### [WHAT YOU HAVE TO DO]
Once the pictures are set aside, repeat all of the data below exactly.

### [RECORDS FOR THE EXERCISE]
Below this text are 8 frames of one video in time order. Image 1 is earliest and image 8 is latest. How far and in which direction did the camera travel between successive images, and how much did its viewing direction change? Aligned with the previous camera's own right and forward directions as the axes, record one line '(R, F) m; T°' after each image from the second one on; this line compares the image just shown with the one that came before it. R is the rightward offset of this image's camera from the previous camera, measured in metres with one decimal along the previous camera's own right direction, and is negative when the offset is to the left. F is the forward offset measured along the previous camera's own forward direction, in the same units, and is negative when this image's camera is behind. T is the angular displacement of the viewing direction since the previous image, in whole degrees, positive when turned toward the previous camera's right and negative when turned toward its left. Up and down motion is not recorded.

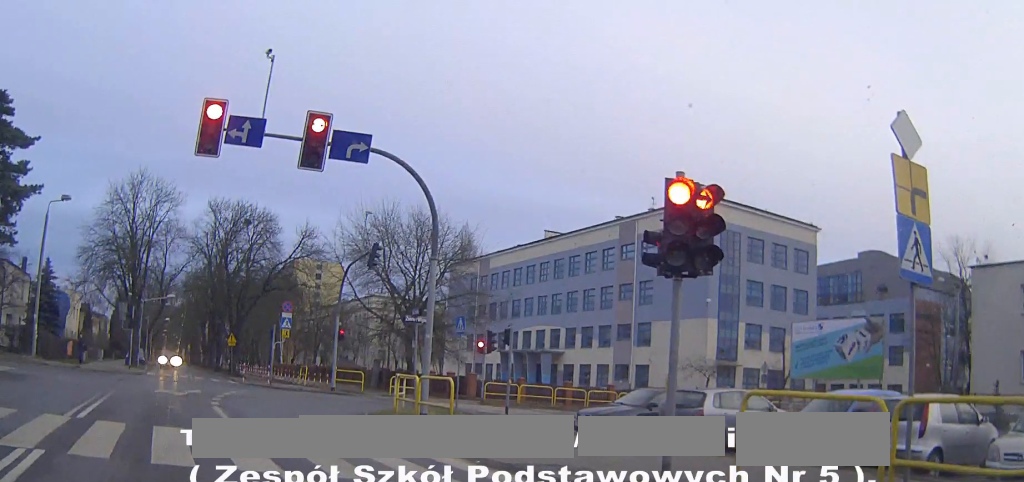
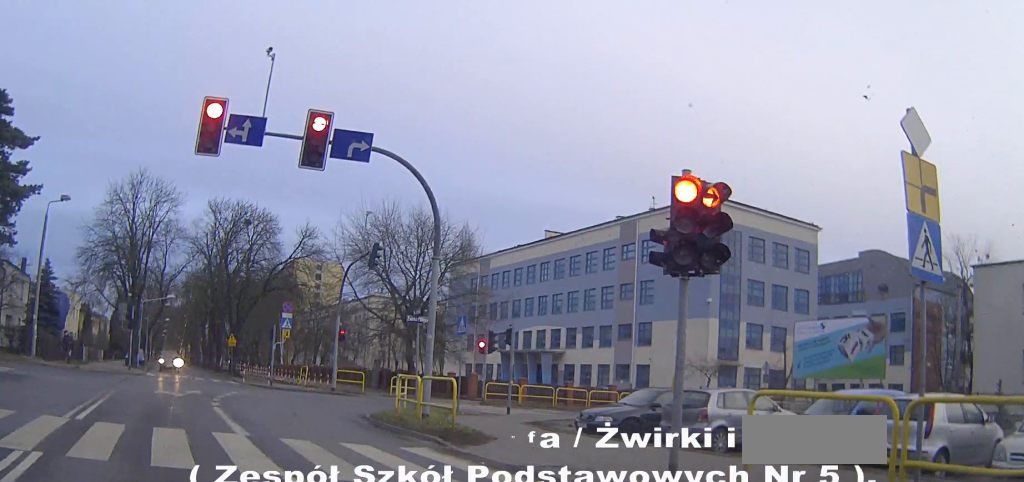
(0.0, 0.0) m; 0°
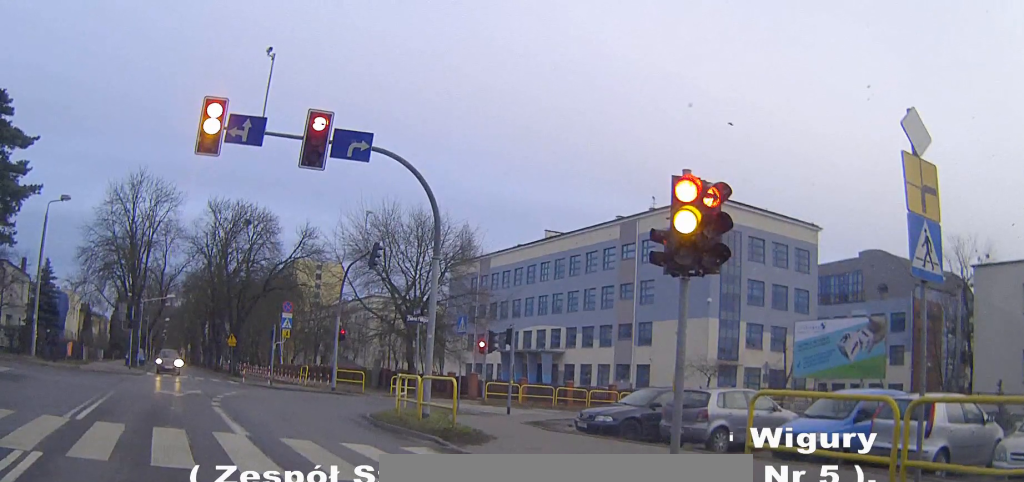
(0.0, 0.0) m; 0°
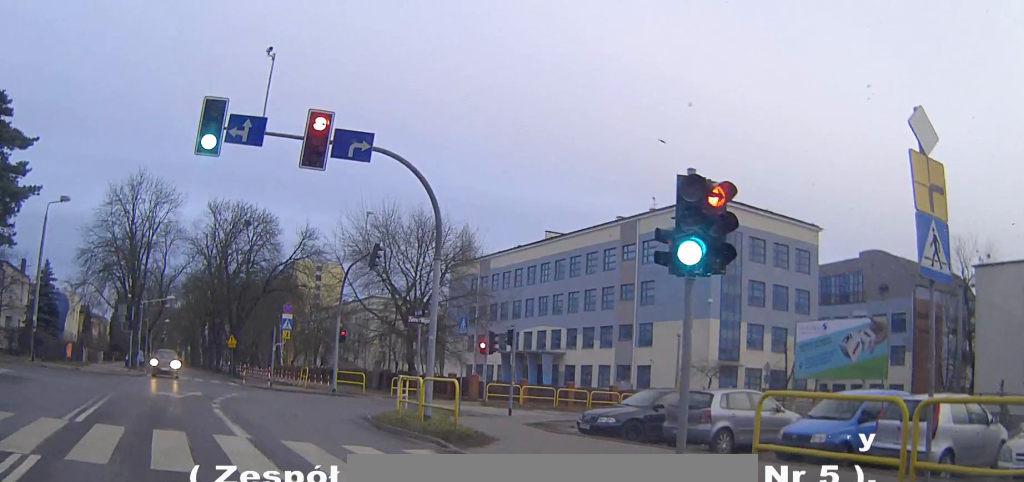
(0.0, 0.0) m; 0°
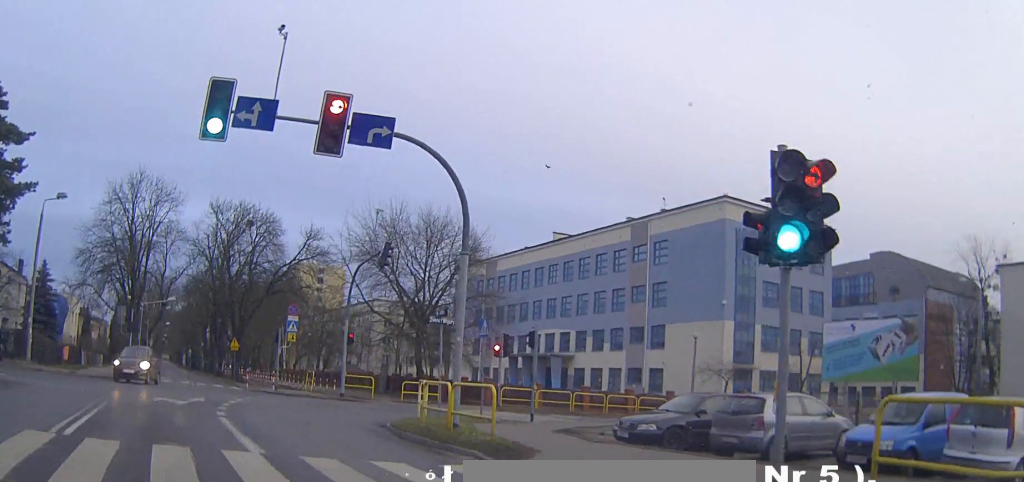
(0.0, 0.0) m; 0°
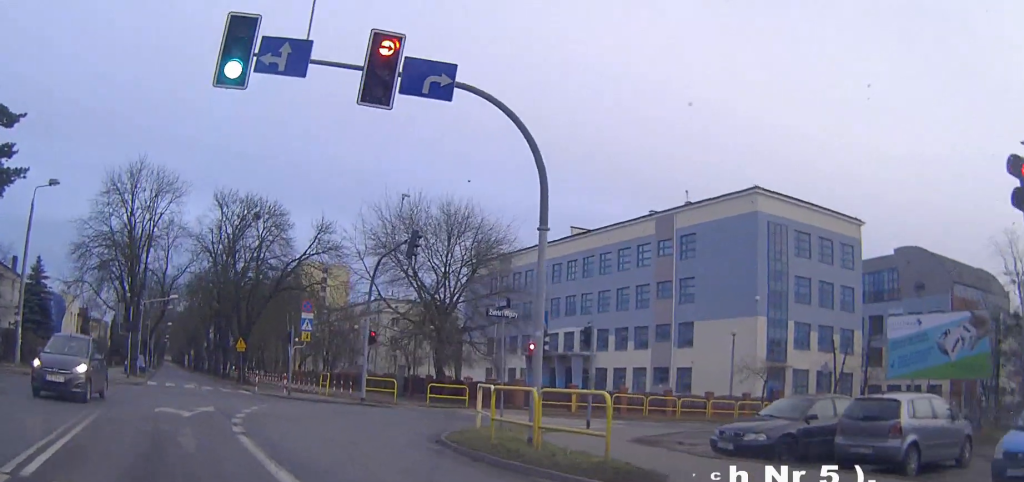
(+0.2, +1.7) m; +6°
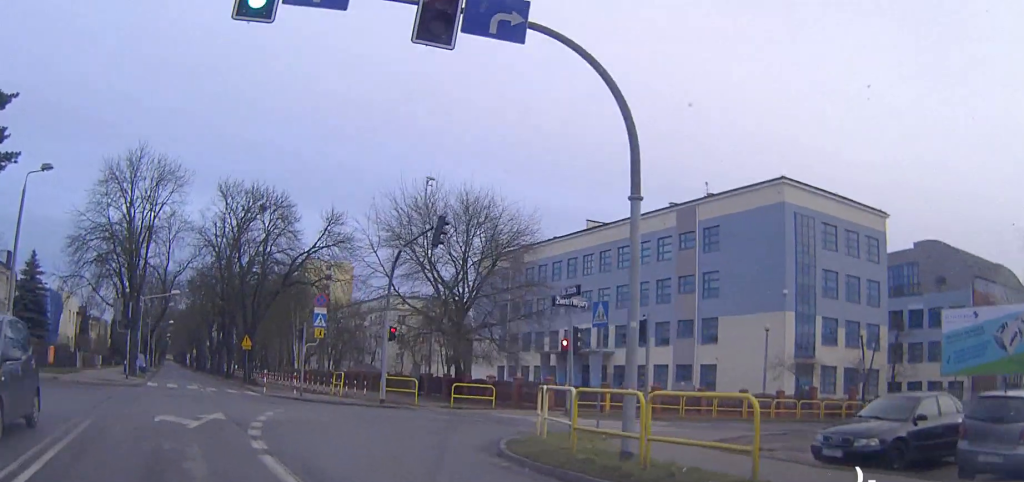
(0.0, +2.4) m; 0°
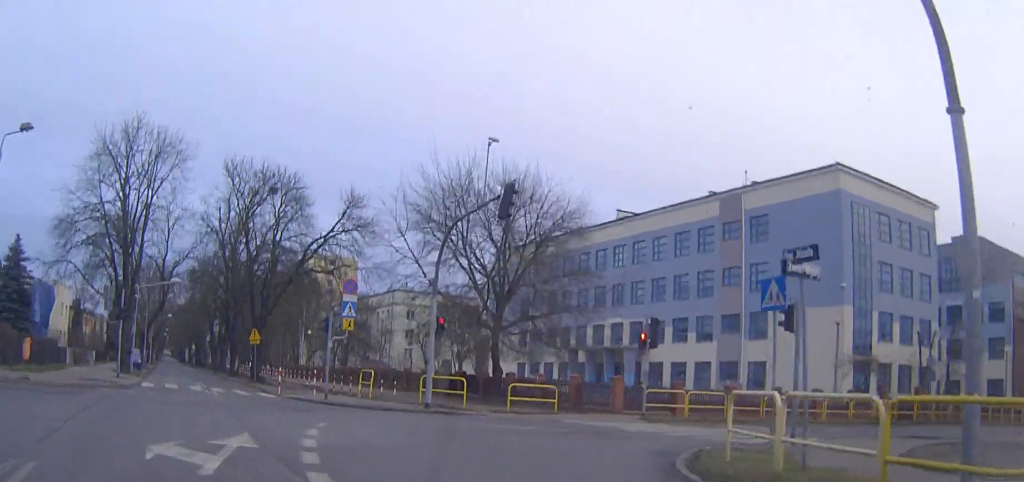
(0.0, +5.5) m; -1°

### [SOLUTION TO THIS PROBLEM]
Below this text are 8 frames of one video in time order. Image 1 is earliest and image 8 is latest. How far and in which direction did the camera travel between successive images, and how much did its viewing direction change? Aligned with the previous camera's own right and forward directions as the axes, record one line '(R, F) m; T°' after each image from the second one on; this line compares the image just shown with the one that came before it. R is the rightward offset of this image's camera from the previous camera, measured in metres with one decimal along the previous camera's own right direction, and is negative when the offset is to the left. F is the forward offset measured along the previous camera's own forward direction, in the same units, and is negative when this image's camera is behind. T is the angular displacement of the viewing direction since the previous image, in whole degrees, positive when turned toward the previous camera's right and negative when turned toward its left. Up and down motion is not recorded.

(0.0, 0.0) m; 0°
(0.0, 0.0) m; 0°
(0.0, 0.0) m; 0°
(0.0, 0.0) m; 0°
(+0.2, +1.7) m; +6°
(0.0, +2.4) m; 0°
(0.0, +5.5) m; -1°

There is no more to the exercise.